Working copy: The working copy is the local copy on the individual developer’s machine.

Several version control software solutions are available. Some of them are free, and some are commercial. The following table lists a few available solutions:

	FREE/OPEN-SOURCE	COMMERCIAL
Local Only	SCCS, RCS	PVCS
Client/Server	CVS, Subversion	IBM Rational ClearCase, Azure DevOps Server, Perforce
Distributed	Git, Mercurial, Bazaar	TeamWare, BitKeeper, Plastic SCM

This book does not recommend particular software solutions. Most software companies these days have a version control system already in place, which every developer needs to adopt. If this is not the case, the company should definitely invest some time into researching the available solutions and pick one that suits them. The bottom line is that it will be a maintenance nightmare without any version control system in place. Even for your personal projects, I recommend you investigate the available solutions. If you find one that you like, it will make your life easier. It will automatically keep track of different versions and a history of your changes. This makes it easy for you to roll back to an older version if a change didn’t work out the way it was supposed to.

SUMMARY

This chapter introduced you to several models and methodologies for the software development process. There are certainly many other ways of building software, both formal and informal. There probably isn’t a single correct method for developing software except the method that works for your team. The best way to find this method is to do your own research, learn what you can from various methods, talk to your peers about their experiences, and iterate on your process. Remember, the only metric that matters when examining a process methodology is how much it helps your team to write code.

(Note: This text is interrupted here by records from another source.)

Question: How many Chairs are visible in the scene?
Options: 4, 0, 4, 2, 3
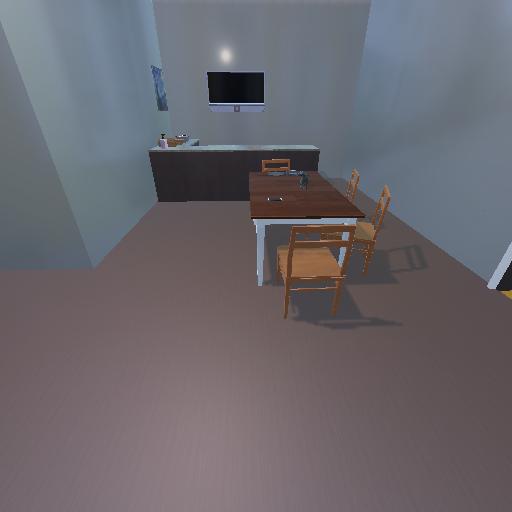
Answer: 4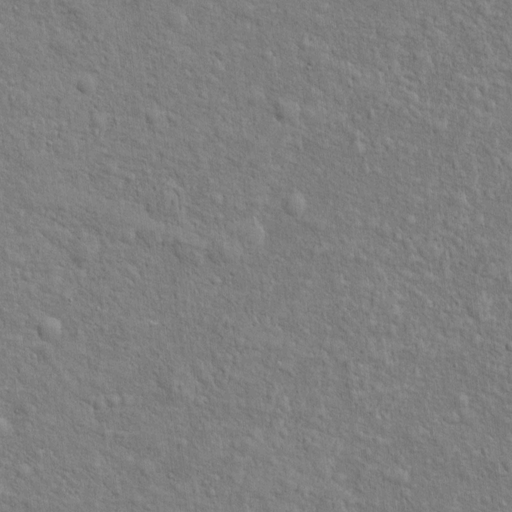
Classes present: Background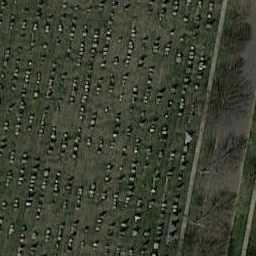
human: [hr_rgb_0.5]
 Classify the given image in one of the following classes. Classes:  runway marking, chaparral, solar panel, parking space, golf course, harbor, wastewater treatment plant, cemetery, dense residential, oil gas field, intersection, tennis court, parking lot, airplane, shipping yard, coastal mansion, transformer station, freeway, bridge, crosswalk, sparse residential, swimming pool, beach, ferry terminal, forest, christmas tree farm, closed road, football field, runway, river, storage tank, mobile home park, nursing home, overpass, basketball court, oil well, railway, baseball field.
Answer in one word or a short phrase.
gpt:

The final part of this chapter explained the concept of version control. This should be an integral part of any software company, big or small, and is even beneficial for personal projects at home. There are several version control software solutions available, both free and commercial. I recommend that you try a few and see which one of them works for you.

EXERCISES

By solving the following exercises, you can practice the material discussed in this chapter. Solutions to all exercises are available with the code download on the book’s website at www.wiley.com/go/proc++6e. However, if you are stuck on an exercise, first reread parts of this chapter to try to find an answer yourself before looking at the solution from the website.

Exercise 28-1: Give a few examples of software life cycle models and of software engineering methodologies.
Exercise 28-2: XP advocates to integrate continuously. If this sounds extreme to you, in recent years, some companies go even a step further with continuous deployment. Do some research into continuous deployment to find out what it means.
Exercise 28-3: Next to the continuous deployment from Exercise 28-2, there is also continuous delivery. Do some research into continuous delivery and contrast it with continuous deployment.
Exercise 28-4: Research the term rapid application development (RAD). How does it relate to the contents in this chapter?